BCE. Nella testimonianza al Parlamento Europeo, l’ultima prima delle prossime elezioni, Draghi ha discusso i progressi istituzionali che l’Unione Europea ha messo a segno negli ultimi cinque anni nonché sulle principali sfide per i prossimi cinque anni anche per il prossimo Parlamento Europeo il complemento dell’unione bancaria ed in particolare del secondo pilastro. Draghi ha inoltre fatto esplicito riferimento al rapporto dei Quattro Presidenti che deve rimanere l’obiettivo di medio periodo.

Sul fronte della politica monetaria nonostante il periodo di “purdah” prima del meeting Draghi ha evidenziato che la BCE mantiene aperte tutte le opzioni. Ma al di là di ciò non ha fornito novità di rilievo. Draghi ha però indicato che quanto più a lungo l’inflazione rimane sui livelli attuali tanto maggiore è il rischio che le attese di inflazione vengano riviste. Un programma tipo Funding for Lending scheme rimane uno degli strumenti all’esame del Consiglio BCE. Ma Draghi ha sottolineato che anche le piccole e medie imprese individuano come principale ostacolo all’attività produttiva l’assenza di domanda con la mancanza di accesso al credito indicata solo come secondo ostacolo.

Draghi si è altresì espresso, in risposta ad una domanda di un parlamentare, sulla legalità delle OMT e ha ribadito che solo la Corte Europea può deliberare in materia. Draghi ha notato che la condivisione dei rischi associati alle OMT ricade su tutti i paesi membri anche se alcuni (leggi la Bundesbank) dovessero decidere di non partecipare all’attivazione delle OMT.

Italia. I conti annuali confermano che il PIL si è contratto di 1,9% dopo il -2,4% del 2012. La recessione è dovuta ad un forte calo degli investimenti fissi (-4,7%) e dei consumi (-2,2%). In termini nominali il PIL è calato di 0,4%. Il deficit delle amministrazioni pubbliche in linea con le attese ha chiuso al 3,0% del PIL (-47,3 mld di euro).

Stati Uniti

La spesa personale aumenta di 0,4% m/m a gennaio (consenso: 0,1% m/m); in termini reali i consumi sono in crescita di 0,3% m/m. Il dato di dicembre è rivisto verso l’alto a +0,1% m/m da -0,1% m/m. Il reddito personale aumenta di 0,3% m/m (+4,1% a/a), con un incremento di 0,2% m/m dei salari e un aumento di 0,4% m/m del reddito disponibile (+4% a/a). Il reddito disponibile in termini reali registra una variazione di +0,3% m/m, dopo -0,2% m/m di dicembre. Il tasso di risparmio è stabile a 4,3%. Il deflatore dei consumi aumenta di 0,1% m/m (1,2% a/a); il deflatore core segna una variazione mensile 0,1% m/m e un rallentamento della dinamica annua a 1,1% a/a da 1,2% a/a di dicembre.

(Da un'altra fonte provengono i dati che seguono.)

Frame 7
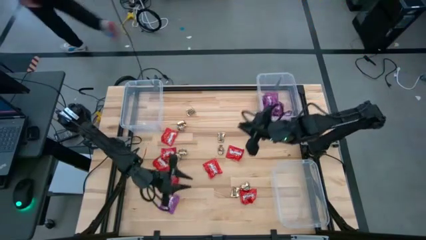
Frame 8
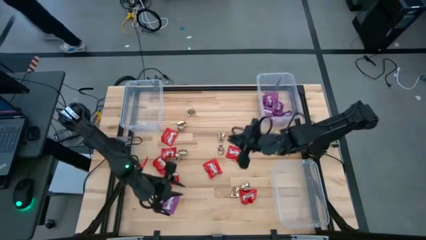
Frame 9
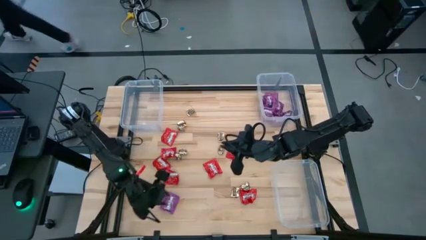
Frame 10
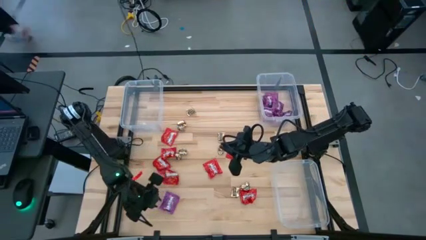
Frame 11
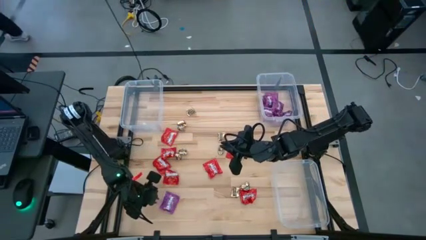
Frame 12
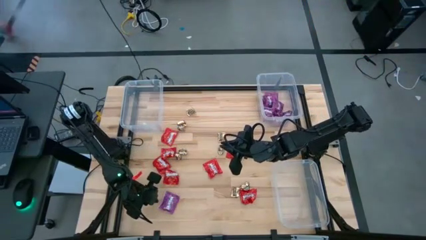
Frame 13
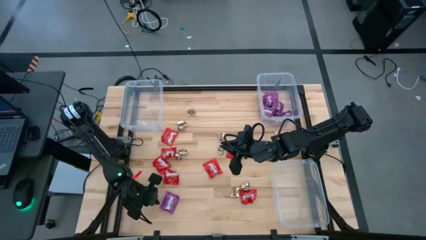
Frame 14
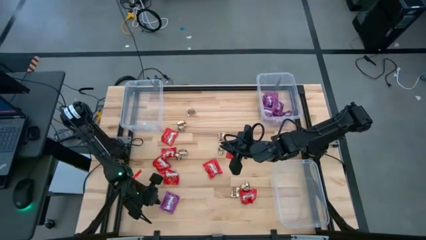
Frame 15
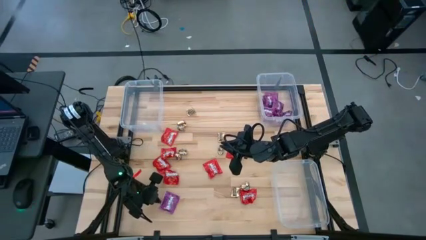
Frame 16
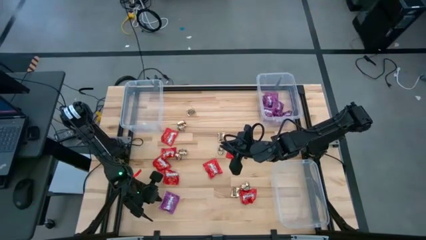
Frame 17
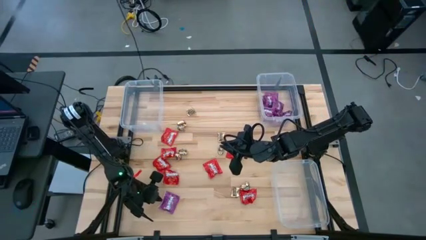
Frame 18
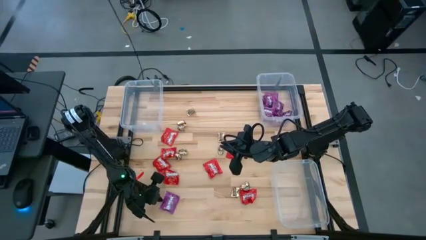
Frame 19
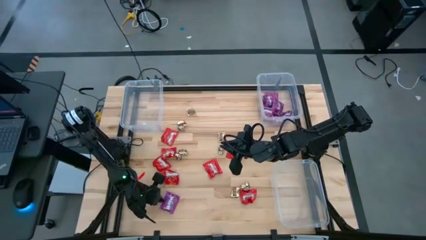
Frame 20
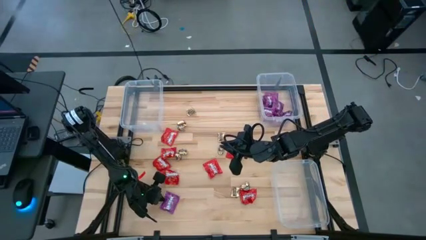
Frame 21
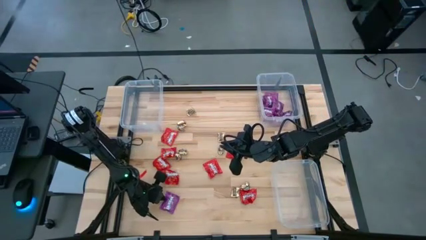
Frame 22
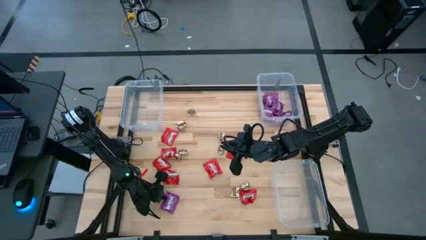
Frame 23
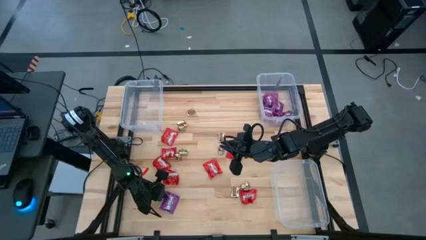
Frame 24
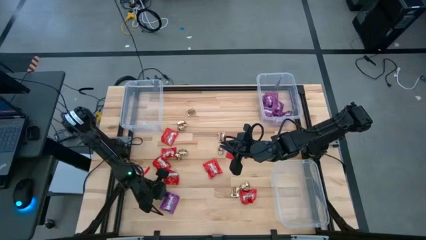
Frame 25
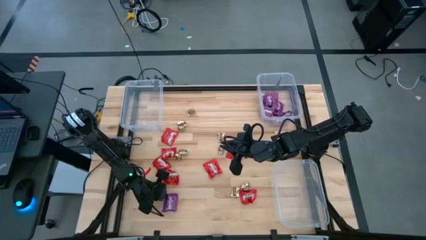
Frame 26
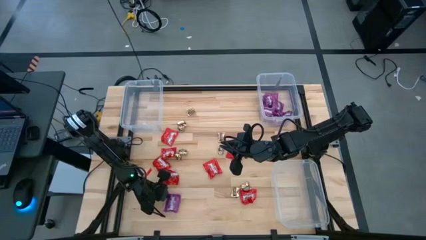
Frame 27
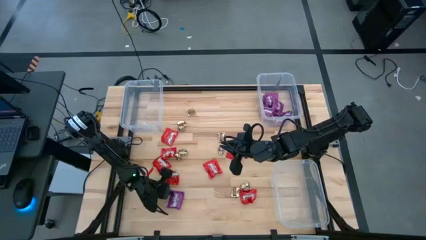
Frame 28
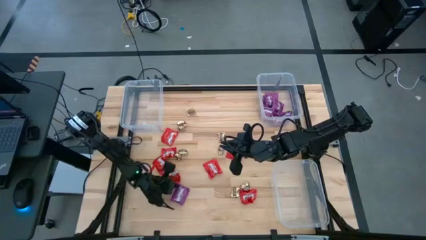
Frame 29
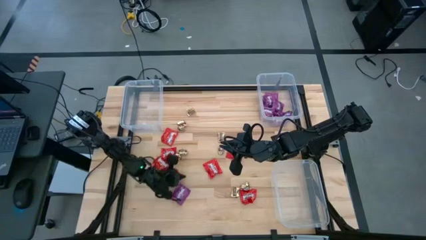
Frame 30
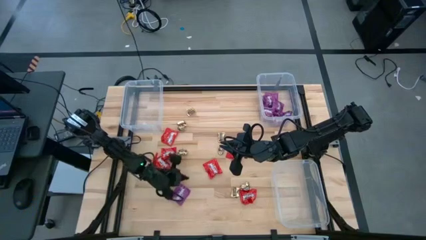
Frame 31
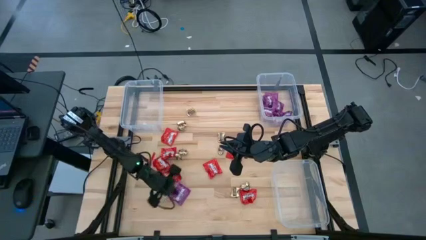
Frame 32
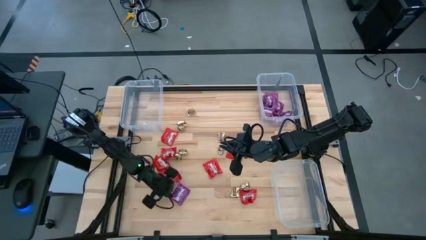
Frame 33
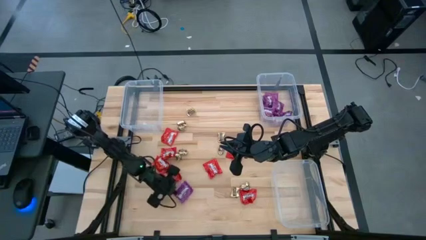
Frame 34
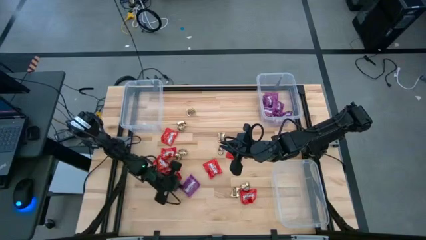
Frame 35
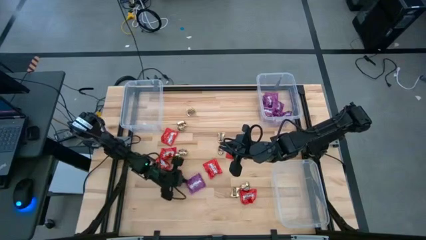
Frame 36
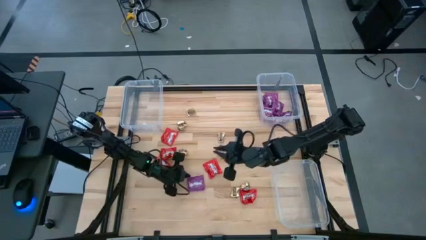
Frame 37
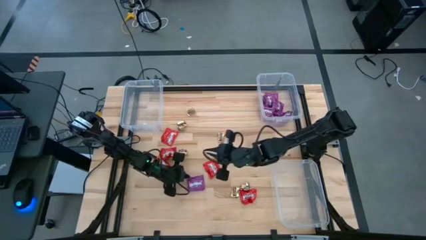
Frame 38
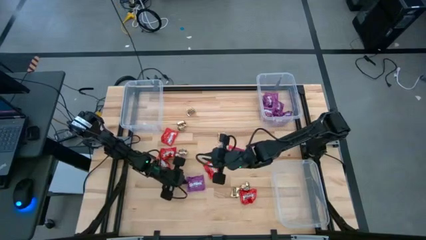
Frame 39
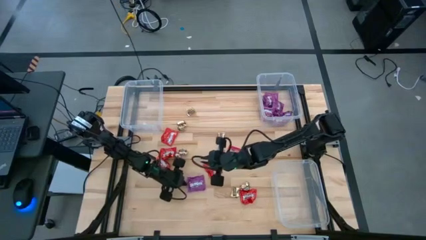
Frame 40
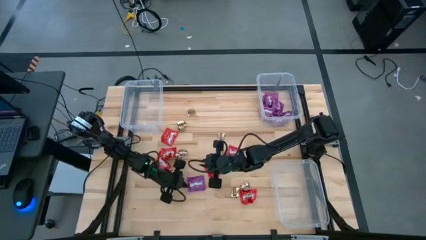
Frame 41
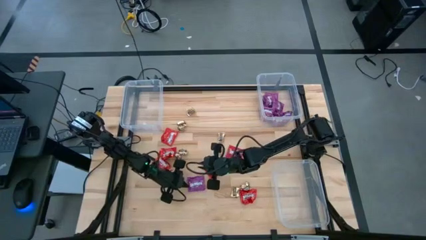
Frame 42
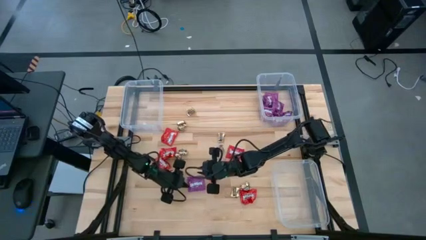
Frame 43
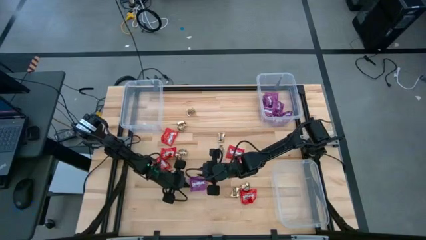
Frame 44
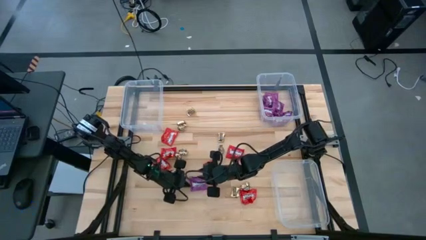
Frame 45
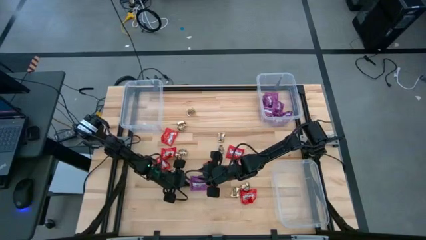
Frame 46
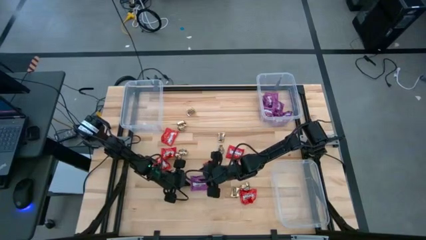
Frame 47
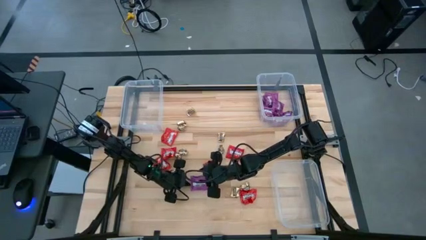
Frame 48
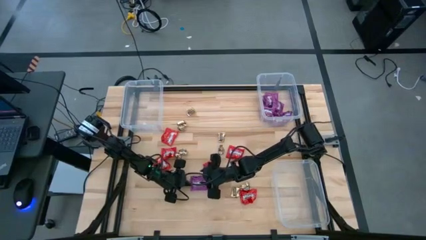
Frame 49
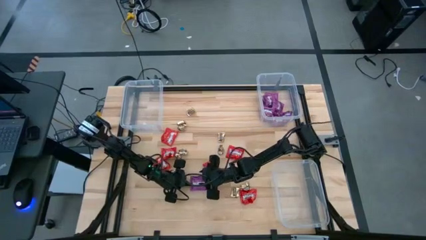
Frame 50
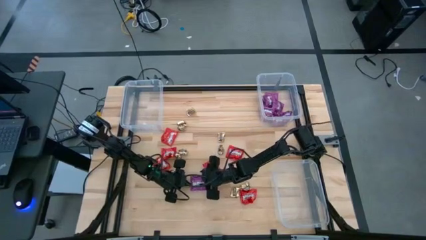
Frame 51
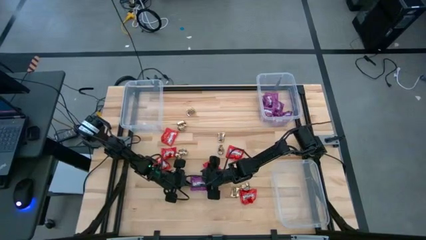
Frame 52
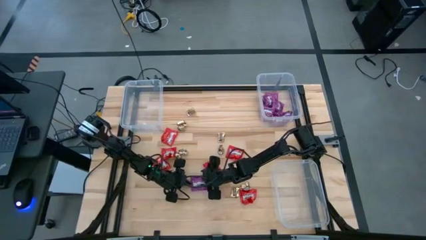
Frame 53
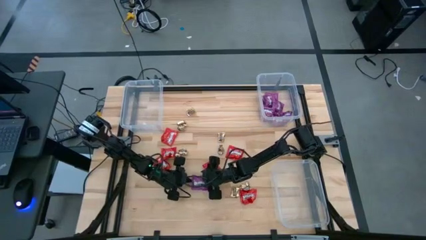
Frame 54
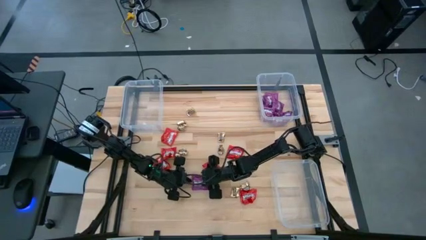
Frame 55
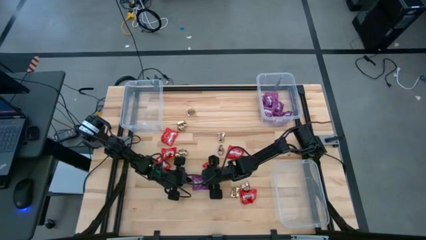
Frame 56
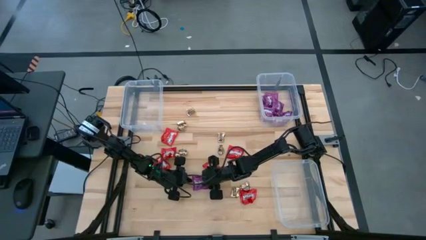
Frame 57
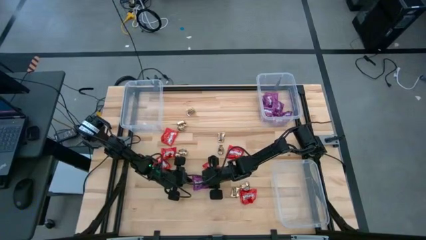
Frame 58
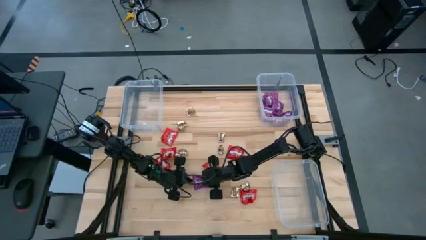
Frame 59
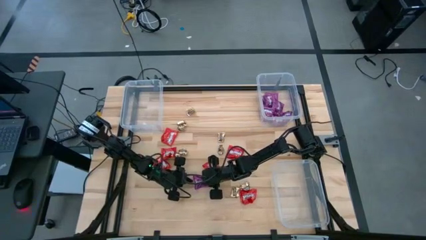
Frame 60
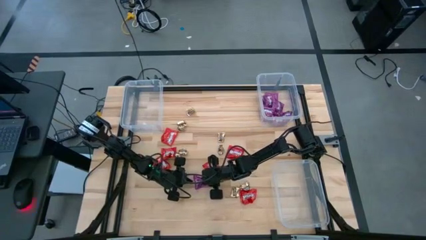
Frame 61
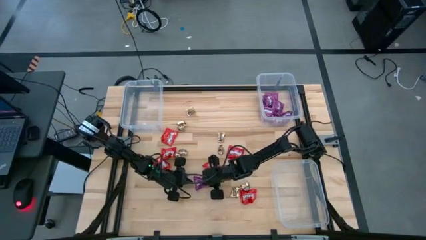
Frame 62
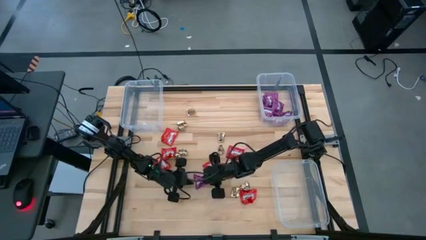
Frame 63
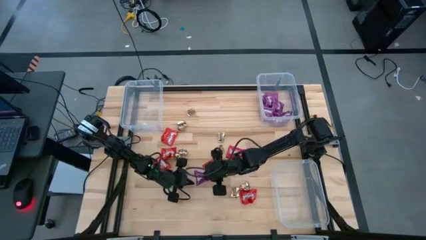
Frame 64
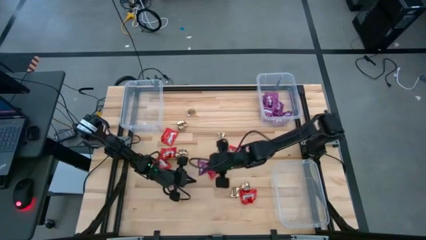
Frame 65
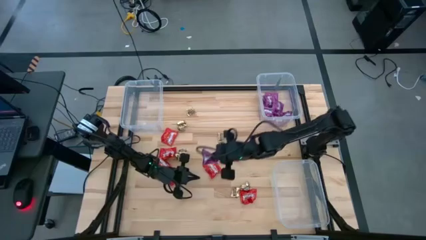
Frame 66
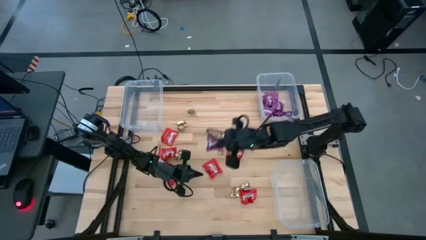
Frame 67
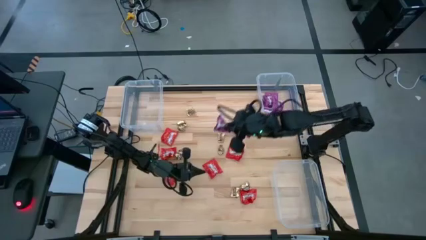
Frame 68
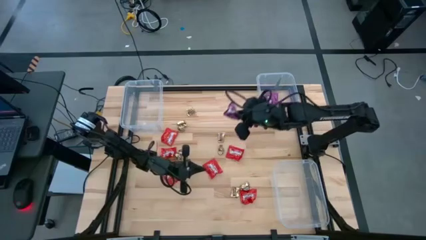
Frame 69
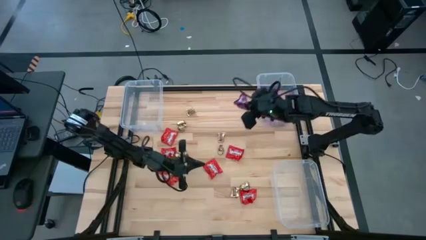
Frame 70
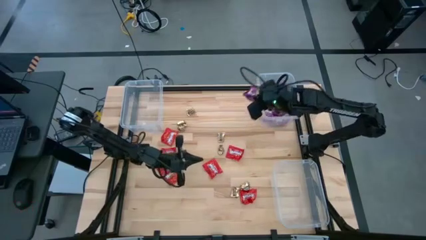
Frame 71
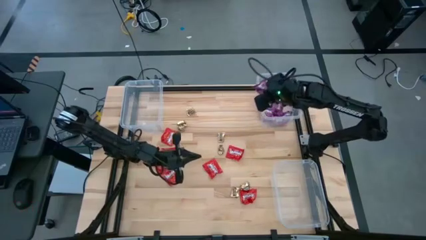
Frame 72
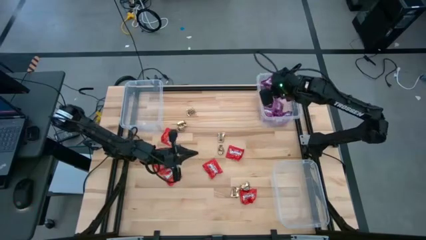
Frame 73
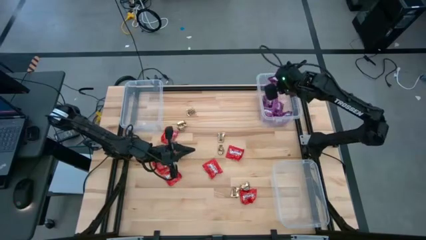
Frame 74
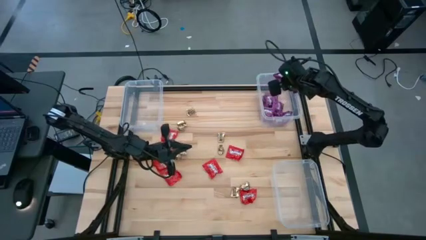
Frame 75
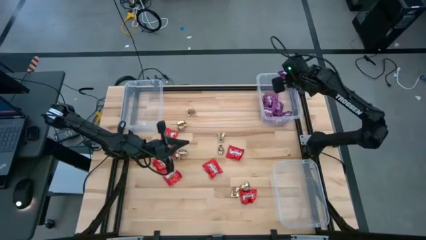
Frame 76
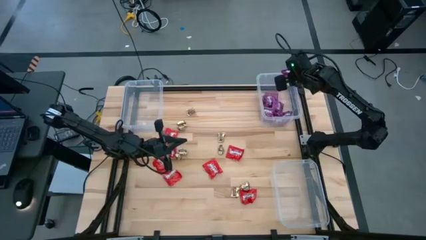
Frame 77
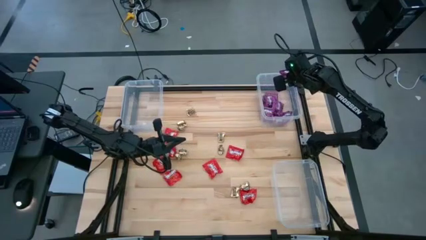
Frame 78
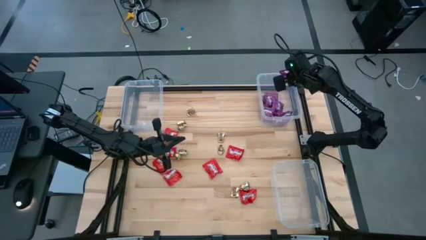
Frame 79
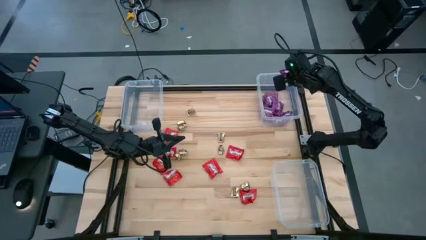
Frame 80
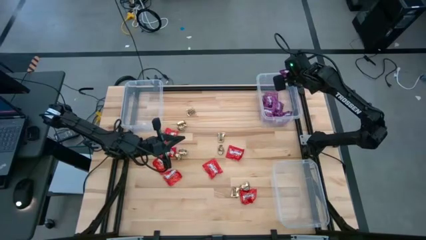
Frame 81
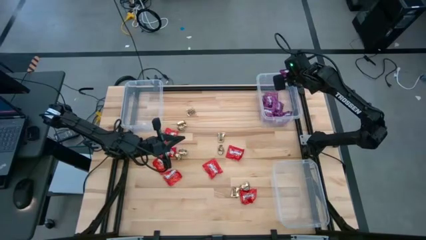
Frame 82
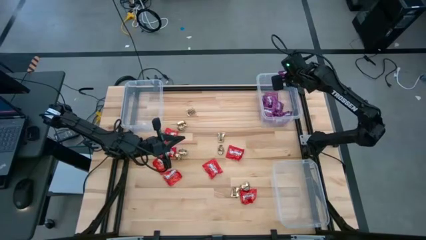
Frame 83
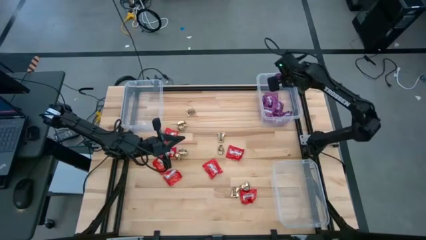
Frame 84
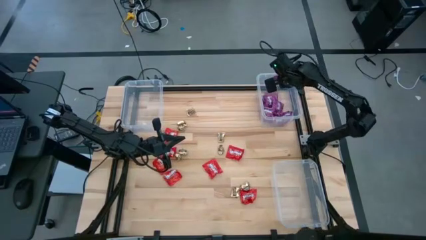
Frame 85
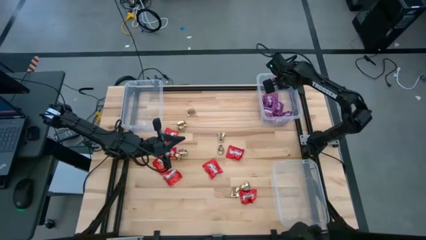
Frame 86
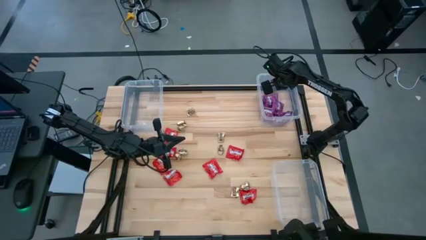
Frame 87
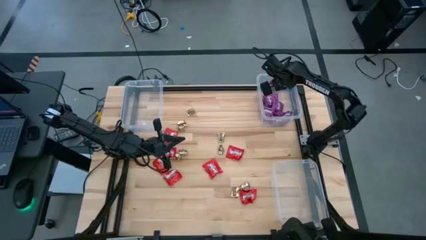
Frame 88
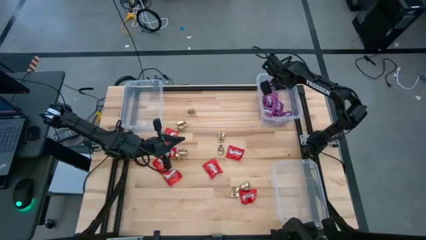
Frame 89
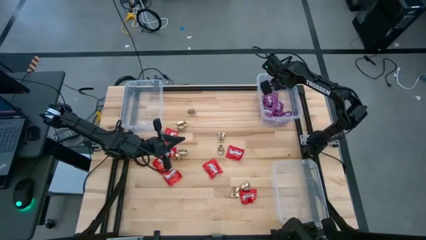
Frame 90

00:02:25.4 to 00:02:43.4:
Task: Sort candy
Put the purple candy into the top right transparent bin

La spesa in costruzioni a gennaio aumenta di 0,1% m/m (consenso: -0,5% m/m)e il dato di dicembre è rivisto verso l’alto a +1,5% m/m, da 0,1% m/m. I dati sono positivi e riducono l’entità del rallentamento visto a fine 2013 nel settore immobiliare, con indicazioni di probabili revisioni verso l’alto del PIL del 4° trimestre.

Le vendite di autoveicoli a febbraio restano deboli per via del clima, a 15,27 mln di unità ann. da 15, 16 mln di gennaio. I concessionari e i produttori rimangono positivi riguardo allo scenario del settore, che dovrebbe riprendersi non appena il clima sarà normalizzato.